Journal of Nanomedicine, vol.3, no.1, pp.1-8, 2020 (Refereed Journals of Other Institutions)

  • Publication Type: Article / Article
  • Volume: 3 Issue: 1
  • Publication Date: 2020
  • Doi Number: 10.33582/2578-8760/1018
  • Title of Journal : Journal of Nanomedicine
  • Page Numbers: pp.1-8

Abstract

The present study aims nanoscopic observation and detection of rhodopsin (a G protein- coupled receptor) nanodomains in their native biological environment to investigate their kinematics related to the photocycle. In the first phase of the planned work, the retina segments were obtained from bovine eyeballs and different sample preparation methods were tested to identify the densely packed rhodopsin nanodomains.

Transmission Small- and Wide-Angle X-Ray Scattering (SAXS and WAXS) methods were used for nanoscale analyses of the prepared samples. The compact conformations of rhodopsin nanodomains in the structure of the native retina and the Rod Outer Segments (ROS) isolated from retina were elucidated. The related scattering data were used to reveal nanoscale morphologies and internal structures of the rhodopsin nanodomains. Nanostructure of rhodopsin within the intact retina was also directly identified to compare the rhodopsin structure in isolated ROS. Direct measurement of the retina reveals similar hierarchical structure defined by paracrystalline arrays suggesting that nanostructural features of rhodopsin domains.

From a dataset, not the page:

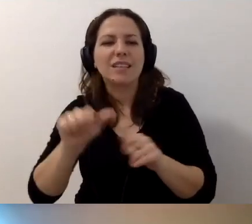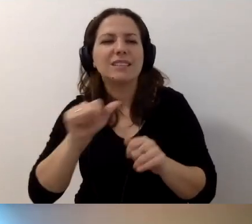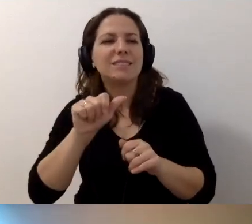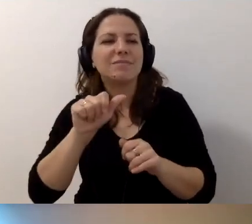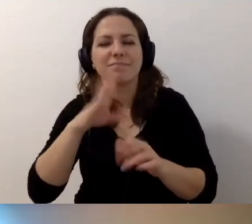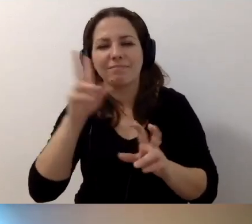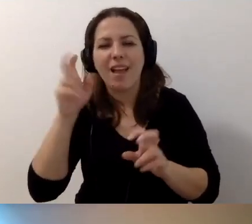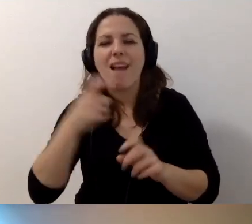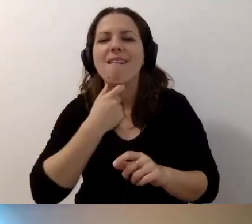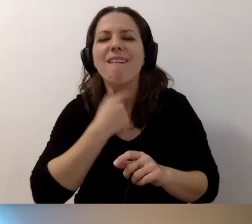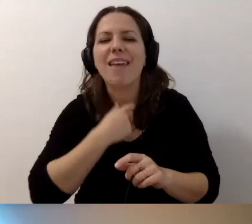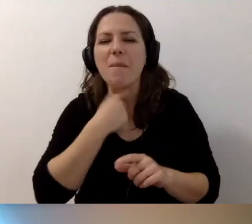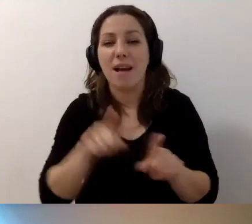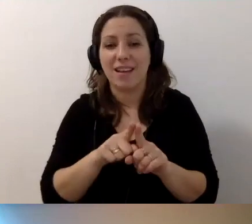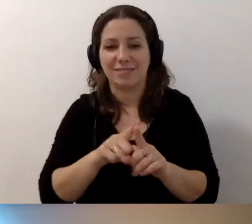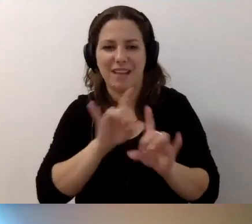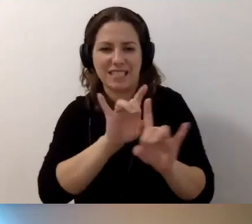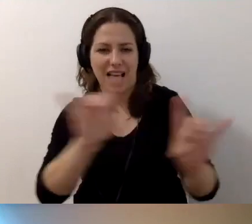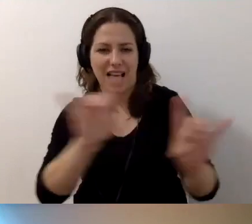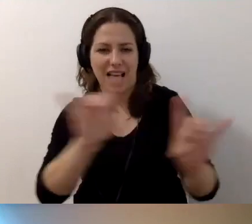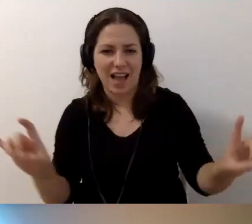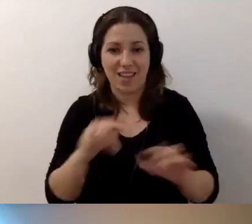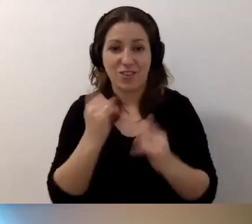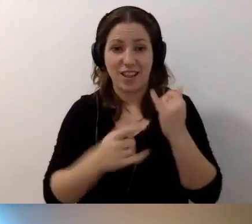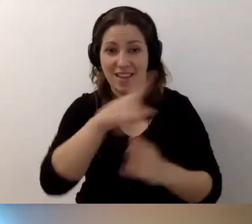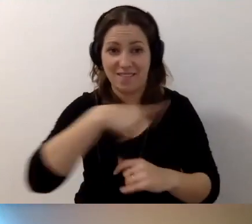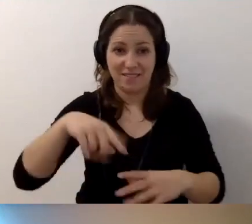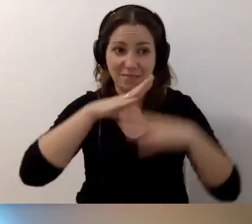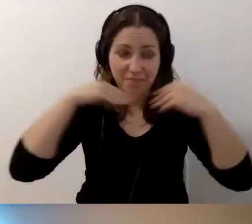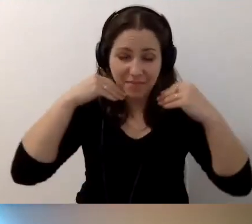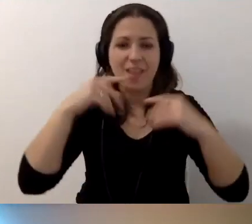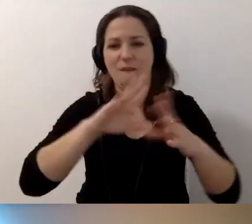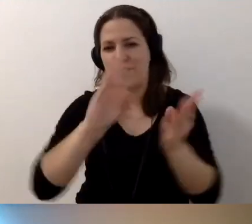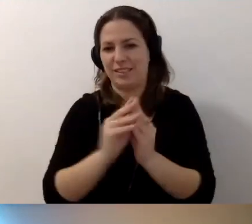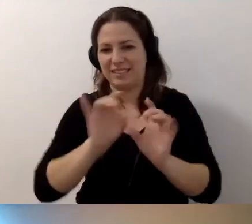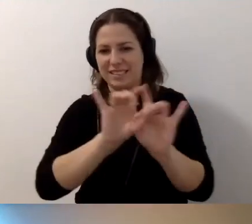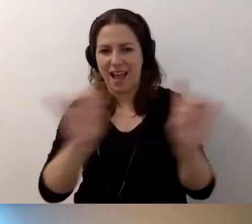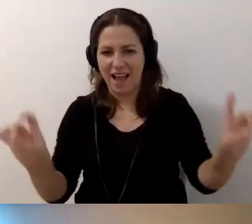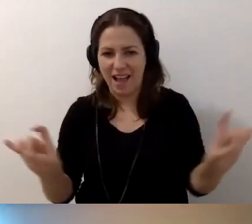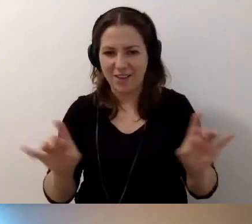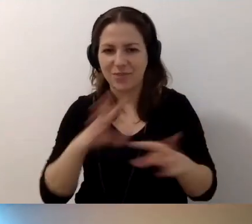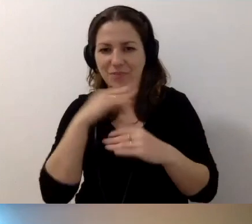Jak będziemy się do siebie uśmiechali, to może wszyscy się zarazimy. Nic nie poradzimy na nasze bolączki.

The quantitative results indicate an inter-disk spacing of 30.00 nm and a bilayer thickness of 6.84 nm for the ROS membrane. 3D structure of the rhodopsin was also characterized by ellipsoidal globules including sizes of the main axes and electron densities. The results showed that SAXSWAXS analyses are effective in monitoring the nanoscale bioactivation of rhodopsin in retina and the flexible cylinder model is in good coherence with the alpha-helical transmembrane domains of rhodopsin.